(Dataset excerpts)
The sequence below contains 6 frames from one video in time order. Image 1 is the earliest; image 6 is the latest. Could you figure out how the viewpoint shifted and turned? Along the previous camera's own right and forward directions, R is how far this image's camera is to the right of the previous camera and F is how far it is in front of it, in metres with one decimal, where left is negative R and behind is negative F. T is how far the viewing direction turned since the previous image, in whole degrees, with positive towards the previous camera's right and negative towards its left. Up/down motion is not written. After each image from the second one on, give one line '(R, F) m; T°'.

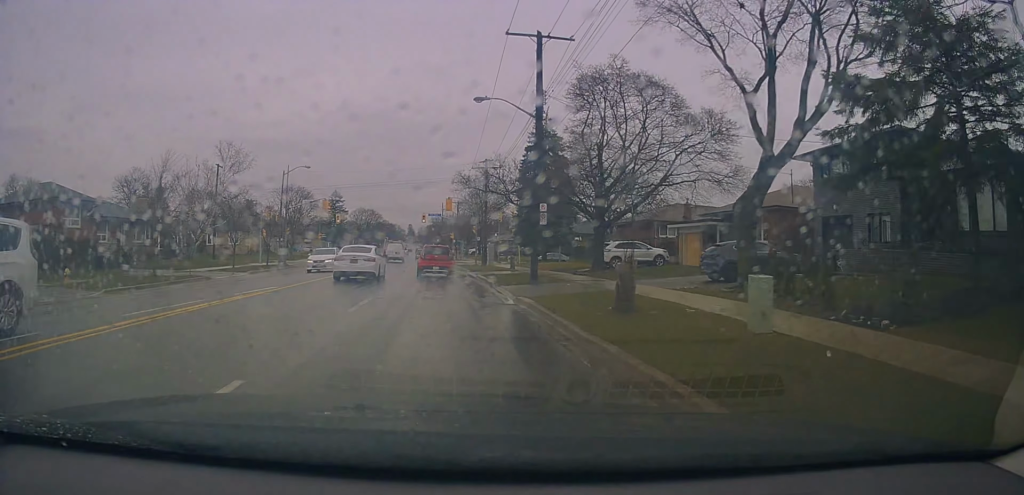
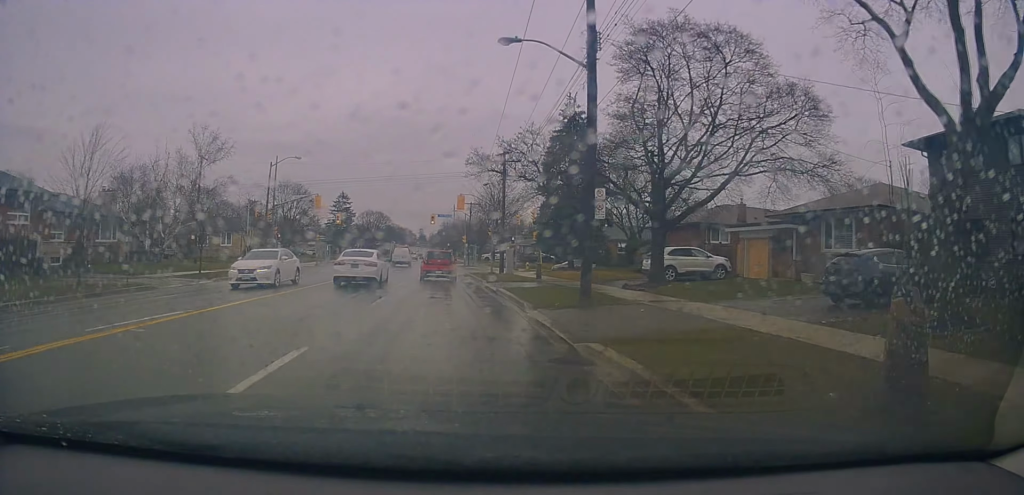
(-0.2, +7.8) m; -1°
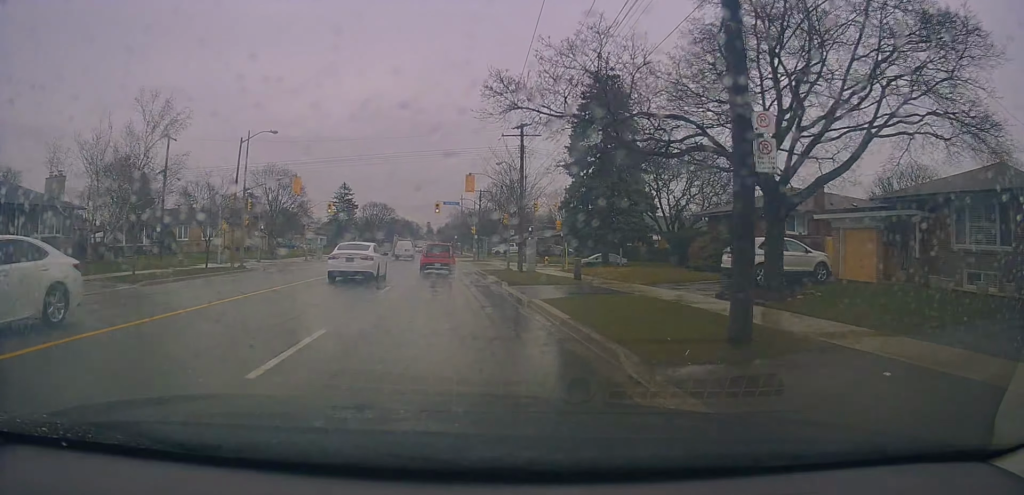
(0.0, +8.9) m; -1°
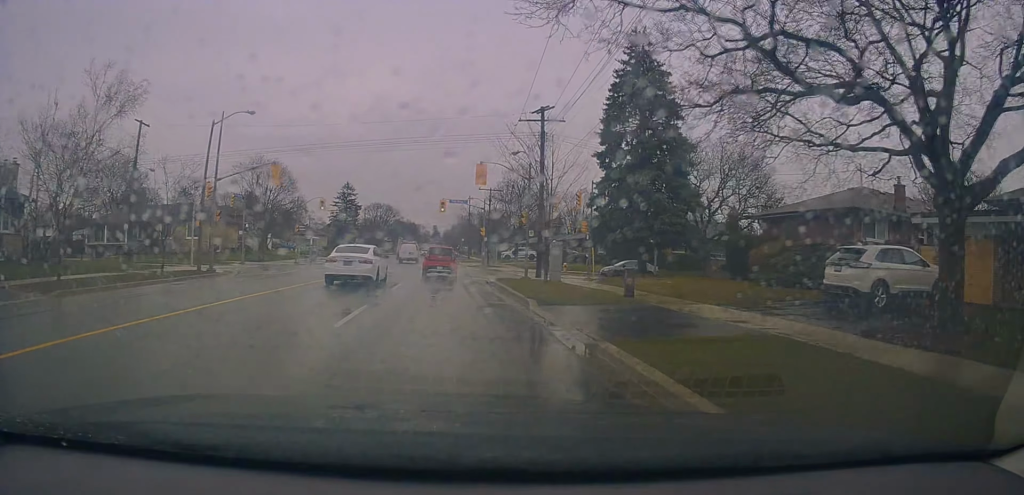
(+0.1, +6.1) m; -1°
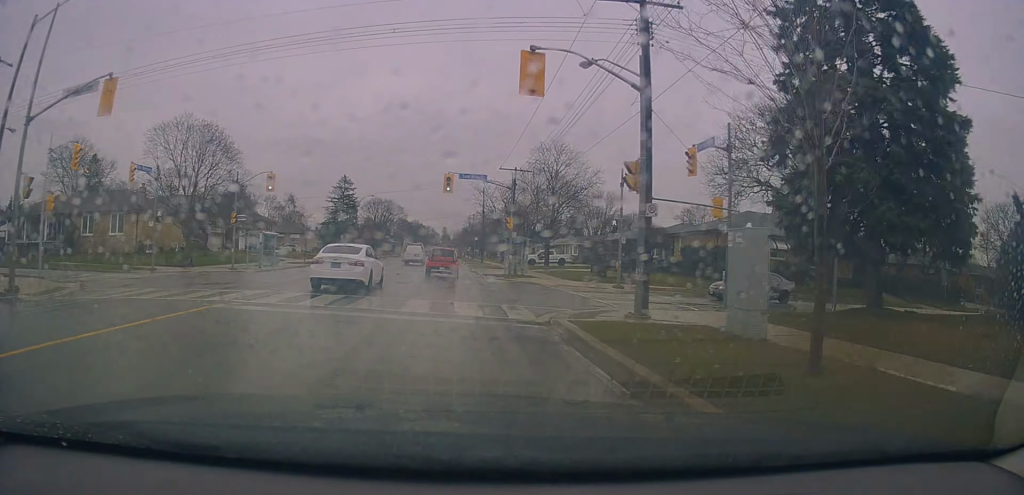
(-0.3, +20.8) m; -1°
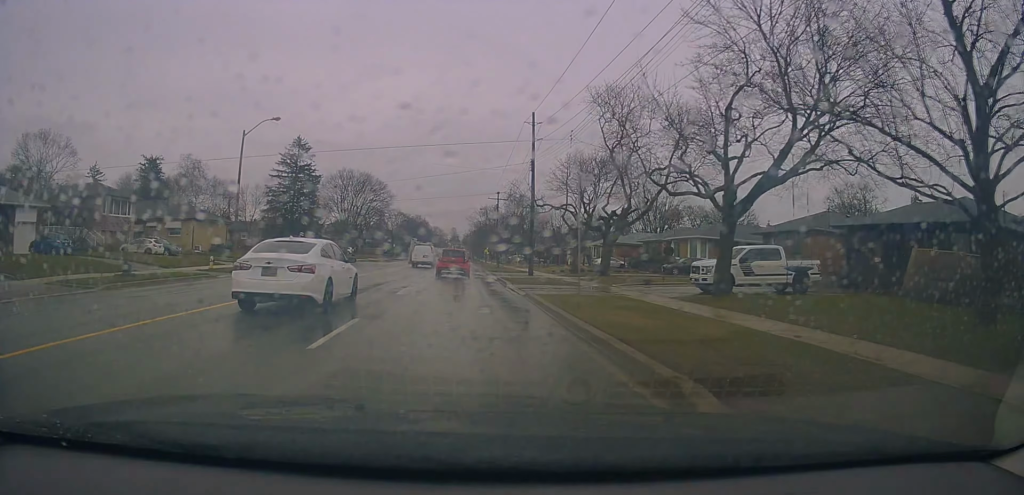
(-1.0, +50.0) m; -2°
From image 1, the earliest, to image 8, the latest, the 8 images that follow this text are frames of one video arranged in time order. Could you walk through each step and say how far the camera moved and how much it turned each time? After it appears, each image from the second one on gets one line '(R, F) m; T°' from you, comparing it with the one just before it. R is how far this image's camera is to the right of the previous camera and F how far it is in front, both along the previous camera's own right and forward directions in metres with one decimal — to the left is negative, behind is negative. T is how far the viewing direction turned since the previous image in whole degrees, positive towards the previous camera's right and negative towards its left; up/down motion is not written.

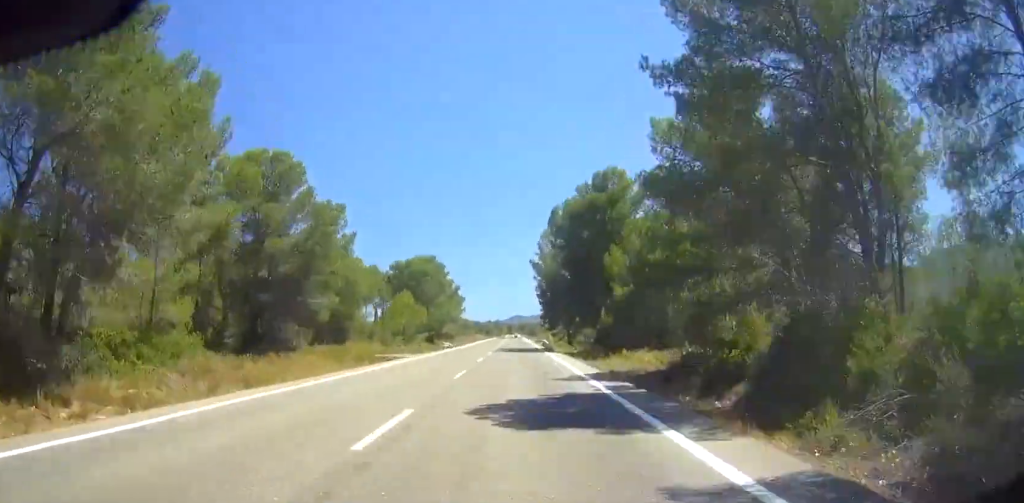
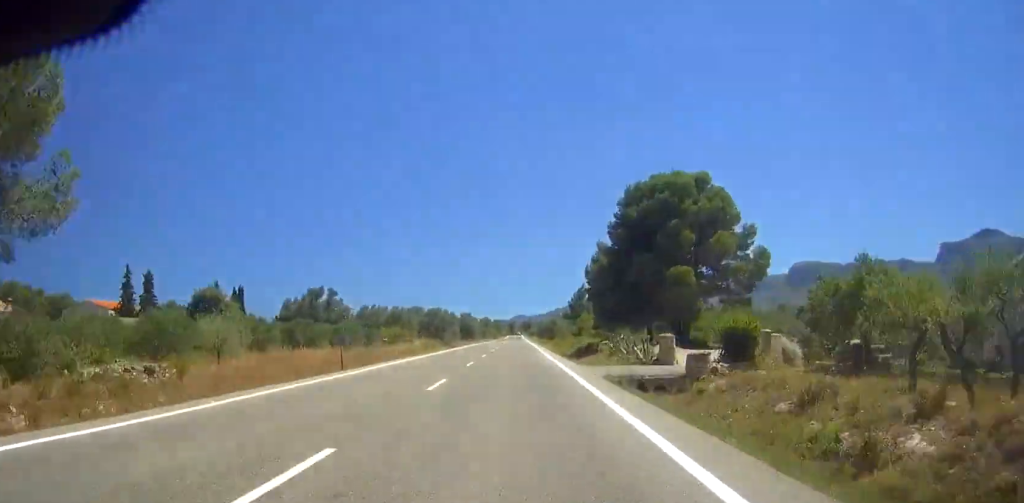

*What you should do*: Output the data above exactly. Drop every picture.

*Output for this task*:
The sequence below contains 6 frames from one video in time order. Image 1 is the earliest; image 6 is the latest. Could you figure out how the viewpoint shifted and turned? Along the previous camera's own right and forward directions, R is how far this image's camera is to the right of the previous camera and F is how far it is in front of it, in metres with one decimal, where left is negative R and behind is negative F. T is how far the viewing direction turned since the previous image, in whole degrees, with positive towards the previous camera's right and negative towards its left. Up/down motion is not written. After each image from the second one on, give one line '(R, F) m; T°'.

(-0.2, +7.8) m; -1°
(0.0, +8.9) m; -1°
(+0.1, +6.1) m; -1°
(-0.3, +20.8) m; -1°
(-1.0, +50.0) m; -2°
From image 1, the earliest, to image 8, the latest, the 8 images that follow this text are frames of one video arranged in time order. Could you walk through each step and say how far the camera moved and how much it turned each time? After it appears, each image from the second one on gets one line '(R, F) m; T°' from you, comparing it with the one just before it. R is how far this image's camera is to the right of the previous camera and F how far it is in front, both along the previous camera's own right and forward directions in metres with one decimal — to the left is negative, behind is negative. T is how far the viewing direction turned since the previous image in whole degrees, positive towards the previous camera's right and negative towards its left; up/down motion is not written.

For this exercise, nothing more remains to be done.